:: Problem to work on ::
The expected output is every line of the data exactly as shown, minus the images.

:: Extracted information ::
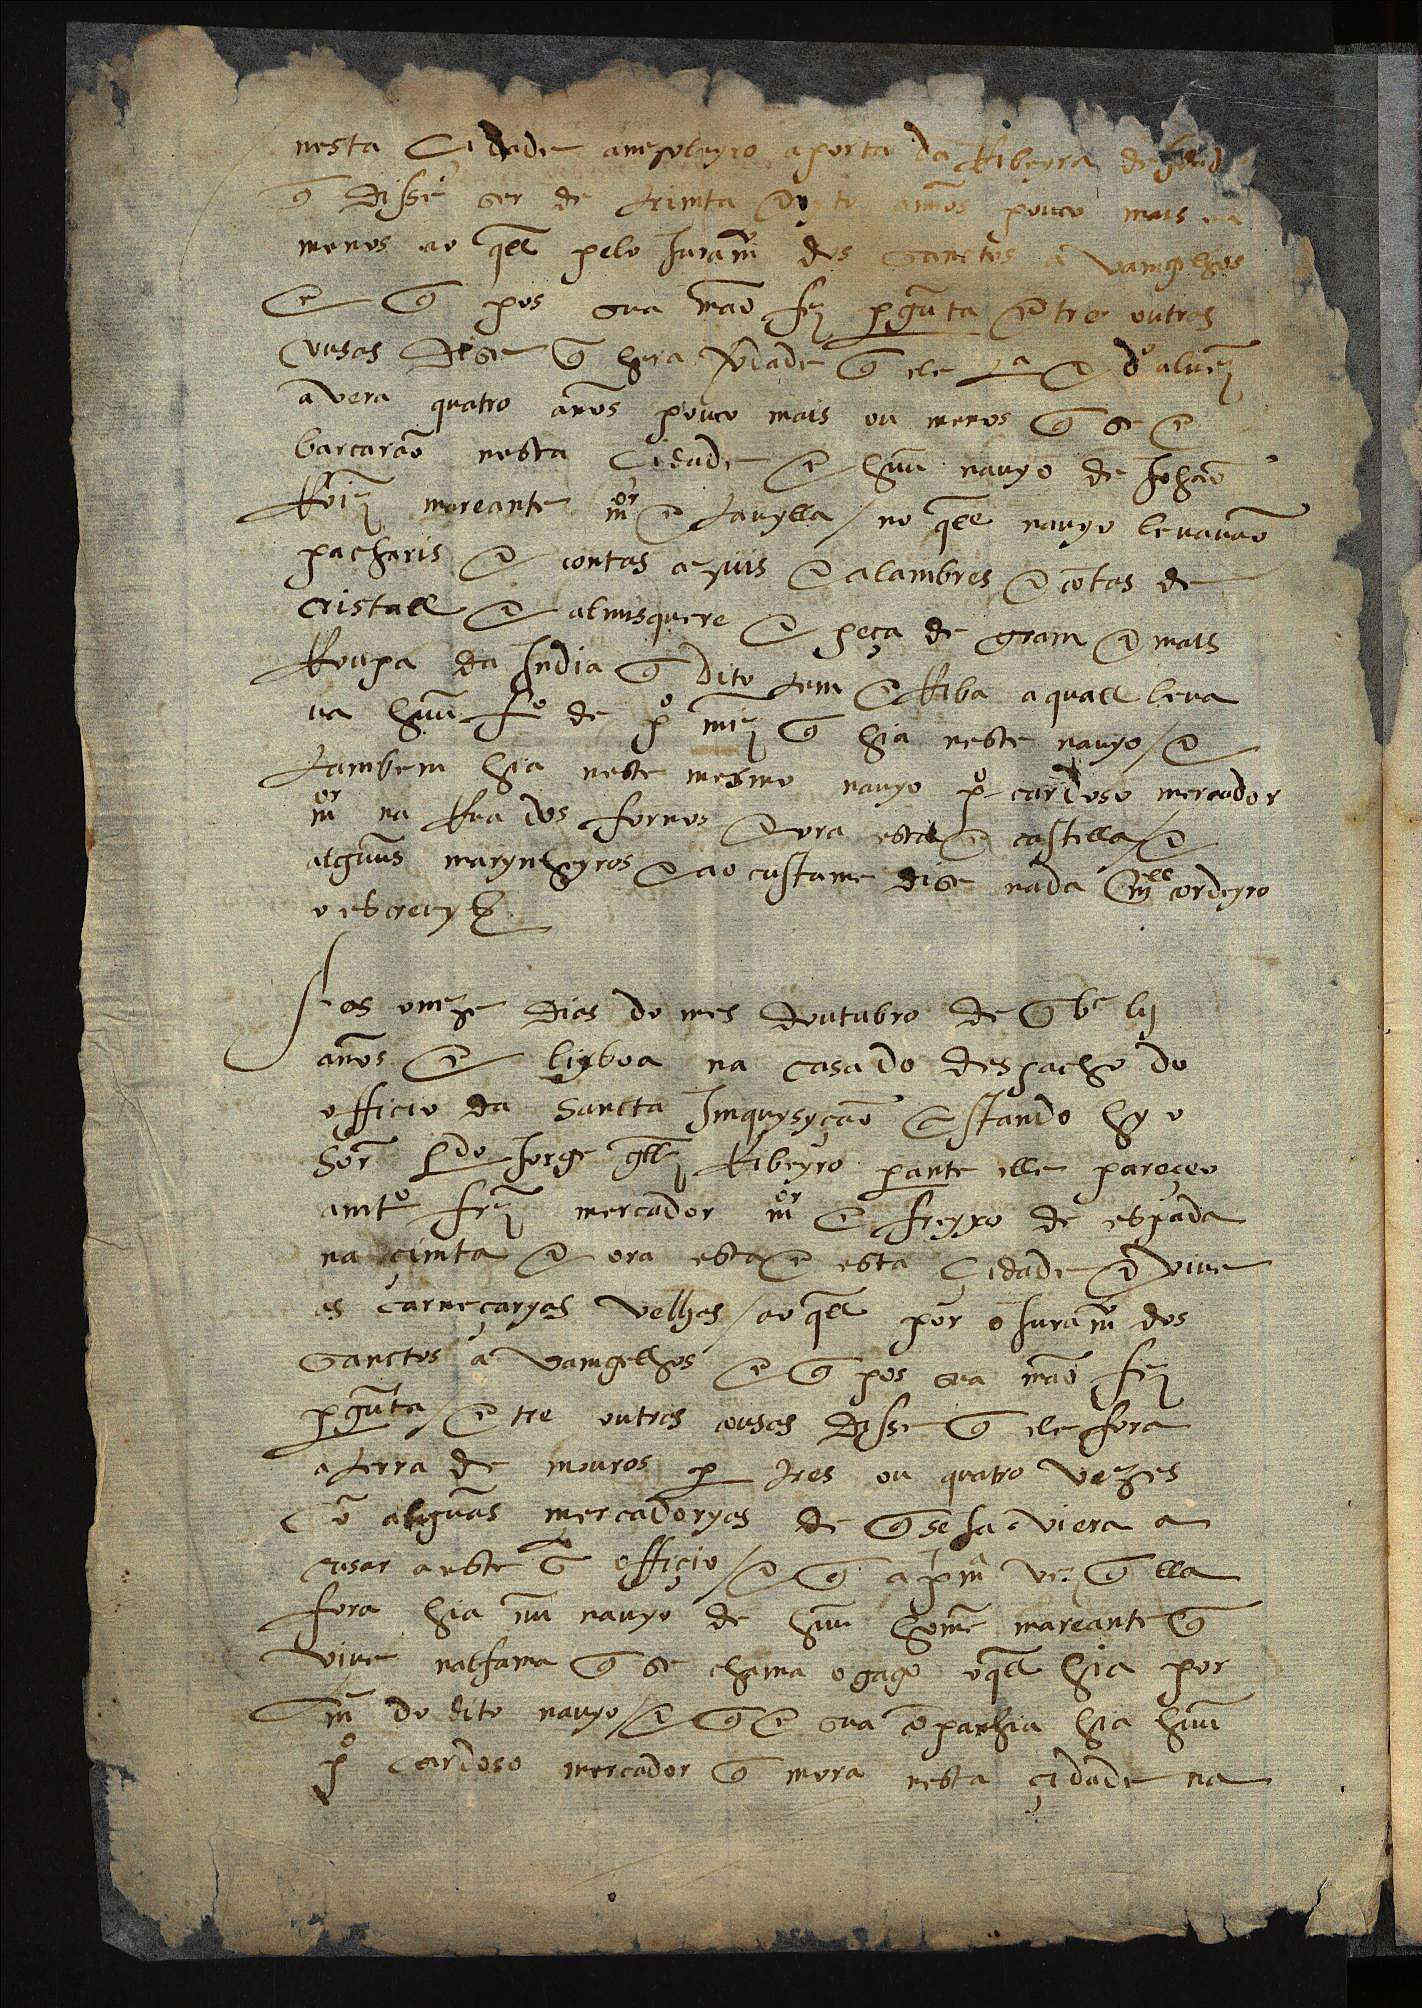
nesta Çidade amzoleyro a porta da Ribeyra de
q̅ disse ser de trimta e oyto an̅nos pouco mais ou
menos ao q̅ll pelo Juramto dos sanctos avangelhos
ē q̅ pos sua mão fez ꝑg̅uta e̅tre outras
Cousas dise q̅ hera ꝟdade q̅ ele ta e do alue̅z
avera quatro an̅os pouco mais ou menos q̅ se e̅
barcara̅o nesta Çidade e̅ hu̅u nauyo de Johaõ
Ro̅iz mareante mor e̅ tauylla / no q̅ll nauyo leuauão
pacharis e contas azuis e alambres e c̅otas de
cristall e almisquere e peça de gram q̅ mais
Roupa da Jndia q̅ dito tem e̅ Riba a quall leua
ua hu̅u fo de po m̅iz q̅ hia neste nauyo / e
tambem hia neste mesmo nauyo po cardoso mercador
mor na Rua dos fornos e ora esta e̅ castella / e
algu̅us marynheyros e ao custume dise nada mell cordeyro
o escreuy
Aos omze dias do mes doutubro de j̄ bc lij
an̅os e̅ lixboa na casa do despacho do
officio da Sancta Jmquysyção Estando hy o
So̅r Ldo Jorge g̅llz Ribeyro ꝑante elle pareçeo
amto frz̄ mercador mor e̅ freyxo de espada
na çimta e ora esta e̅ esta Çidade e viue
as carneçaryas velhas / ao q̅ll por o Juramto dos
sanctos avamgelhos e̅ q̅ pos sua mão fez
ꝑg̅uta / e̅tre outras cousas Disse q̅ ele fora
a terra de mouros ꝑ tres ou quatro vezes
co̅ algu̅as mercadoryas de q̅ se ja o viera a
cusar a este sto offiçio / e q̅ a pima vez q̅ lla
fora hia n̅u nauyo de hu̅u homē mareante q̅
viue nalfama q̅ se chama o gago o q̅ll hia por
mte do dito nauyo / e q̅ e̅ sua c̅opanhia hia hu̅u
po cardoso mercador q̅ mora nesta çidade na

:: Task response ::
nesta Çidade amzoleyro a porta da Ribeyra de
q̅ disse ser de trimta e oyto an̅nos pouco mais ou
menos ao q̅ll pelo Juramto dos sanctos avangelhos
ē q̅ pos sua mão fez ꝑg̅uta e̅tre outras
Cousas dise q̅ hera ꝟdade q̅ ele ta e do alue̅z
avera quatro an̅os pouco mais ou menos q̅ se e̅
barcara̅o nesta Çidade e̅ hu̅u nauyo de Johaõ
Ro̅iz mareante mor e̅ tauylla / no q̅ll nauyo leuauão
pacharis e contas azuis e alambres e c̅otas de
cristall e almisquere e peça de gram q̅ mais
Roupa da Jndia q̅ dito tem e̅ Riba a quall leua
ua hu̅u fo de po m̅iz q̅ hia neste nauyo / e
tambem hia neste mesmo nauyo po cardoso mercador
mor na Rua dos fornos e ora esta e̅ castella / e
algu̅us marynheyros e ao custume dise nada mell cordeyro
o escreuy
Aos omze dias do mes doutubro de j̄ bc lij
an̅os e̅ lixboa na casa do despacho do
officio da Sancta Jmquysyção Estando hy o
So̅r Ldo Jorge g̅llz Ribeyro ꝑante elle pareçeo
amto frz̄ mercador mor e̅ freyxo de espada
na çimta e ora esta e̅ esta Çidade e viue
as carneçaryas velhas / ao q̅ll por o Juramto dos
sanctos avamgelhos e̅ q̅ pos sua mão fez
ꝑg̅uta / e̅tre outras cousas Disse q̅ ele fora
a terra de mouros ꝑ tres ou quatro vezes
co̅ algu̅as mercadoryas de q̅ se ja o viera a
cusar a este sto offiçio / e q̅ a pima vez q̅ lla
fora hia n̅u nauyo de hu̅u homē mareante q̅
viue nalfama q̅ se chama o gago o q̅ll hia por
mte do dito nauyo / e q̅ e̅ sua c̅opanhia hia hu̅u
po cardoso mercador q̅ mora nesta çidade na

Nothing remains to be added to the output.